Exactly the lines below from the one with "<!-- Uploaded to: SVG" up to and including the one with "196.11h-77.145c-4.723 0-7.871-3.148-7.871-7.871 0-4.723" make up the answer, with nothing else added.
+++
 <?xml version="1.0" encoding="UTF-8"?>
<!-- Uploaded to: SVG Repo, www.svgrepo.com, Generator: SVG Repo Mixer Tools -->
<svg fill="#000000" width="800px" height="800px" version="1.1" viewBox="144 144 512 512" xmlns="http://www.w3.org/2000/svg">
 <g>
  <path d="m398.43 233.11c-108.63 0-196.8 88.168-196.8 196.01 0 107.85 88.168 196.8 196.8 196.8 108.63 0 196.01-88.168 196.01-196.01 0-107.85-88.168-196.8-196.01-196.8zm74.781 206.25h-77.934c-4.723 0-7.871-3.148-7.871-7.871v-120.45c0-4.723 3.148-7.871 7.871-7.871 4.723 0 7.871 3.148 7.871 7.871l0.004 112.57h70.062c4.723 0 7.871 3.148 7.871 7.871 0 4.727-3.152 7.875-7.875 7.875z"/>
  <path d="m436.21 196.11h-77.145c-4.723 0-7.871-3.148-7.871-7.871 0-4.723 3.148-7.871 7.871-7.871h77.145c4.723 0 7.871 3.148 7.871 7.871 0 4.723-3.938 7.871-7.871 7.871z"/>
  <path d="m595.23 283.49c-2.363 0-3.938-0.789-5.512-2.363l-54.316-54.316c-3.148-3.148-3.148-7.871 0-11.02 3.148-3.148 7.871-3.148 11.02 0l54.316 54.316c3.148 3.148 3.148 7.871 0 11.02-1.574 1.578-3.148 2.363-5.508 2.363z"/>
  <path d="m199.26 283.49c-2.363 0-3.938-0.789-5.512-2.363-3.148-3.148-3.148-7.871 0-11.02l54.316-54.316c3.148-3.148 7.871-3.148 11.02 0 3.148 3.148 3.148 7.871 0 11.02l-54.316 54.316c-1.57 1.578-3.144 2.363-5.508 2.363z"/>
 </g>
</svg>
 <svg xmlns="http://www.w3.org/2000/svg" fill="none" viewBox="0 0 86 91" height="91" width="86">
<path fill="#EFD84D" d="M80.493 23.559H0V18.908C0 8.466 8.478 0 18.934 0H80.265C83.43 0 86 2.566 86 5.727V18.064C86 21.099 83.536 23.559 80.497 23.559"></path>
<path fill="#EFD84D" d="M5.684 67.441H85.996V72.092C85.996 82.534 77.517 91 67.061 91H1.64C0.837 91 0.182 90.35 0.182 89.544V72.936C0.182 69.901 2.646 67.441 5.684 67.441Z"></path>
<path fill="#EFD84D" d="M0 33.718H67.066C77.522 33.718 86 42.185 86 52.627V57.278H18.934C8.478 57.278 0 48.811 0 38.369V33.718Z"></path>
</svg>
+++
• **The answer**:
<!-- Uploaded to: SVG Repo, www.svgrepo.com, Generator: SVG Repo Mixer Tools -->
<svg fill="#000000" width="800px" height="800px" version="1.1" viewBox="144 144 512 512" xmlns="http://www.w3.org/2000/svg">
 <g>
  <path d="m398.43 233.11c-108.63 0-196.8 88.168-196.8 196.01 0 107.85 88.168 196.8 196.8 196.8 108.63 0 196.01-88.168 196.01-196.01 0-107.85-88.168-196.8-196.01-196.8zm74.781 206.25h-77.934c-4.723 0-7.871-3.148-7.871-7.871v-120.45c0-4.723 3.148-7.871 7.871-7.871 4.723 0 7.871 3.148 7.871 7.871l0.004 112.57h70.062c4.723 0 7.871 3.148 7.871 7.871 0 4.727-3.152 7.875-7.875 7.875z"/>
  <path d="m436.21 196.11h-77.145c-4.723 0-7.871-3.148-7.871-7.871 0-4.723 3.148-7.871 7.871-7.871h77.145c4.723 0 7.871 3.148 7.871 7.871 0 4.723-3.938 7.871-7.871 7.871z"/>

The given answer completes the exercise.